* [Required action]: Exactly the lines from the top of the records below through the one containing "cover by kind: herbaceous plants 90" must be set down, with no line added or dropped.

Records drawn from a dataset:
== == ==
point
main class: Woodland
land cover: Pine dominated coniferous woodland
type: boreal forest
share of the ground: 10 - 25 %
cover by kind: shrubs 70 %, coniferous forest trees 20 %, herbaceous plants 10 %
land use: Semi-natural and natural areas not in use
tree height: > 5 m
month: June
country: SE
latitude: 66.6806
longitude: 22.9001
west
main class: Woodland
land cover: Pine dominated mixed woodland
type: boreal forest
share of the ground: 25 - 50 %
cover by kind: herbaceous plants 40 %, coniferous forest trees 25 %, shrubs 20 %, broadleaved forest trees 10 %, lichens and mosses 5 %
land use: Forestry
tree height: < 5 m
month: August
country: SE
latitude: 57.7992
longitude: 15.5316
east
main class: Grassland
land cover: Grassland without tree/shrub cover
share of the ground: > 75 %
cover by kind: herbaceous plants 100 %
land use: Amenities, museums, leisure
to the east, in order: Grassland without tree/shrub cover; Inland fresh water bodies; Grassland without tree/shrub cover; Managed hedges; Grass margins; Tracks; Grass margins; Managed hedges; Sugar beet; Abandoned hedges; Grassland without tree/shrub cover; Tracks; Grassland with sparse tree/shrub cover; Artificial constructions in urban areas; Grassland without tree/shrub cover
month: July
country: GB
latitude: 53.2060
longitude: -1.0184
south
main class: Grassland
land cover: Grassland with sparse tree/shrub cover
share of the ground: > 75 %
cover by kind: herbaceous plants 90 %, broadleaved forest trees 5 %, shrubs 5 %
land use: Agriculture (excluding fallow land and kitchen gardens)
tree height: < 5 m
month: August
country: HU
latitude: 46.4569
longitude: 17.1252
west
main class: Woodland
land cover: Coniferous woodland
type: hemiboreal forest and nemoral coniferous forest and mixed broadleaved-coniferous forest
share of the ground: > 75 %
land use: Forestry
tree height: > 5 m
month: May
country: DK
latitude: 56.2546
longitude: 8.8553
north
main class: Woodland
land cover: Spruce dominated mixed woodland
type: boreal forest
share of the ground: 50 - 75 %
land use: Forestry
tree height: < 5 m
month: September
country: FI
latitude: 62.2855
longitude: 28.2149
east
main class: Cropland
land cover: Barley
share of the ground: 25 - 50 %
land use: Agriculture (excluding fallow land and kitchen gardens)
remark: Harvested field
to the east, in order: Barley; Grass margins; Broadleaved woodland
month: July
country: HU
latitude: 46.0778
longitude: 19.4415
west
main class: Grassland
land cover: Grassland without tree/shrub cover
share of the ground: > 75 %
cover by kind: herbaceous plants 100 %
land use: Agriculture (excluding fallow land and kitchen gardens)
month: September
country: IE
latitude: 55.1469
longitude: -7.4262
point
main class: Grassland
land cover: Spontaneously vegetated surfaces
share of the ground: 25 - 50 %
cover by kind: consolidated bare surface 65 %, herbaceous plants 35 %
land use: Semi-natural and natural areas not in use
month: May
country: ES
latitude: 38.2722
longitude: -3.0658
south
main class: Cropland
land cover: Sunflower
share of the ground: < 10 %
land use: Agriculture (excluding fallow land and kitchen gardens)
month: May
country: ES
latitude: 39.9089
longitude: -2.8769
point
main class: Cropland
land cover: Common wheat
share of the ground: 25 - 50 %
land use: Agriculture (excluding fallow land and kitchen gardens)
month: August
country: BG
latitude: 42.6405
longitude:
== == ==
* [Solution for this task]:
point
main class: Woodland
land cover: Pine dominated coniferous woodland
type: boreal forest
share of the ground: 10 - 25 %
cover by kind: shrubs 70 %, coniferous forest trees 20 %, herbaceous plants 10 %
land use: Semi-natural and natural areas not in use
tree height: > 5 m
month: June
country: SE
latitude: 66.6806
longitude: 22.9001
west
main class: Woodland
land cover: Pine dominated mixed woodland
type: boreal forest
share of the ground: 25 - 50 %
cover by kind: herbaceous plants 40 %, coniferous forest trees 25 %, shrubs 20 %, broadleaved forest trees 10 %, lichens and mosses 5 %
land use: Forestry
tree height: < 5 m
month: August
country: SE
latitude: 57.7992
longitude: 15.5316
east
main class: Grassland
land cover: Grassland without tree/shrub cover
share of the ground: > 75 %
cover by kind: herbaceous plants 100 %
land use: Amenities, museums, leisure
to the east, in order: Grassland without tree/shrub cover; Inland fresh water bodies; Grassland without tree/shrub cover; Managed hedges; Grass margins; Tracks; Grass margins; Managed hedges; Sugar beet; Abandoned hedges; Grassland without tree/shrub cover; Tracks; Grassland with sparse tree/shrub cover; Artificial constructions in urban areas; Grassland without tree/shrub cover
month: July
country: GB
latitude: 53.2060
longitude: -1.0184
south
main class: Grassland
land cover: Grassland with sparse tree/shrub cover
share of the ground: > 75 %
cover by kind: herbaceous plants 90 %, broadleaved forest trees 5 %, shrubs 5 %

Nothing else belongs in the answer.